Imagine a large parking lot. If motorcycles (small tensors) park randomly across the lot, leaving only a half-space between each, a large bus (a large tensor) cannot park, even if half the total lot is empty. Virtual Memory Management fixes this by acting like a highly efficient valet: it gives the bus driver a single contiguous virtual ticket, while secretly cutting the bus into pieces and parking them in the scattered physical spaces throughout the lot.

Technical Deep Dive

Frameworks like PyTorch use a "Caching Allocator" to combat the latency of cudaMalloc. It allocates huge blocks and sub-allocates them to tensors. However, when a tensor is freed, PyTorch retains the memory in its pool. nvidia-smi might show 95% utilization, but the caching allocator is actually holding heavily fragmented, unused pools.

To resolve physical fragmentation at the driver level, NVIDIA introduced Virtual Memory Management (VMM) APIs. These separate memory allocation into distinct steps 57:

cuMemAddressReserve: Reserves a massive, contiguous virtual address range.

cuMemCreate: Allocates a physical memory handle (at a strict 2MB page granularity).

cuMemMap: Maps the physical allocation to the reserved virtual address range.
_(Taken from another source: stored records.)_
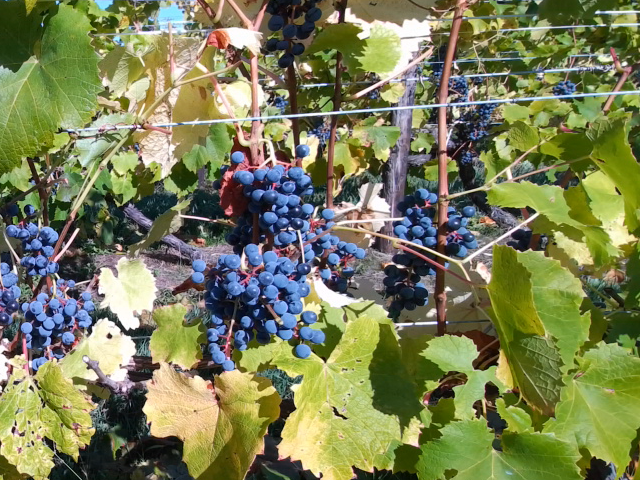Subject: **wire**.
<instances>
[{
    "label": "wire",
    "mask_w": 640,
    "mask_h": 480,
    "mask_svg": "<svg viewBox=\"0 0 640 480\" xmlns=\"http://www.w3.org/2000/svg\"><path fill=\"white\" fill-rule=\"evenodd\" d=\"M640 89L637 90H620V91H610L607 93L599 94L598 91H592L591 93L587 92H555V93H545L537 96L530 97H521V98H490V99H481L477 101H463V102H451V103H422L416 105H404V106H392V107H368V108H356L349 110H341V111H333V112H298V113H285V114H275L270 116H250L244 117L240 119H236L235 117L228 118H216L209 120H198V121H179V120H160V121H147V122H121V123H112V124H99V125H91V126H76V127H64V132H78V131H93V130H101V129H114V128H123V127H149V126H162V125H177V126H200V125H211L218 123H234V124H242L246 122L258 121V122H266L277 119H287V118H300V117H335V116H343V115H351L358 113H370V112H394V111H406V110H418L424 108H459L465 106H479L483 104H492V103H523V102H532L539 101L548 98H557V97H585L589 99H605L612 96H622V95H639Z\"/></svg>",
    "instance_id": "d2f4af69"
},
{
    "label": "wire",
    "mask_w": 640,
    "mask_h": 480,
    "mask_svg": "<svg viewBox=\"0 0 640 480\" xmlns=\"http://www.w3.org/2000/svg\"><path fill=\"white\" fill-rule=\"evenodd\" d=\"M489 320H490L489 316H477V317H472V318H458V319L445 320L444 324L445 325H452V324L474 323V322L489 321Z\"/></svg>",
    "instance_id": "a73af890"
}]
</instances>

cuMemSetAccess: Grants necessary read/write permissions.

Key Takeaways

Fragmentation limits long-running dynamic workloads by creating unusable holes in physical memory.
PyTorch's caching allocator holds freed memory to avoid cudaMalloc latency, masking true usage.
CUDA VMM APIs (cuMemAddressReserve, cuMemMap) separate virtual addresses from physical allocations, allowing non-contiguous physical pages to appear virtually contiguous.
Physical page allocations via cuMemCreate are fixed at 2MB granularities.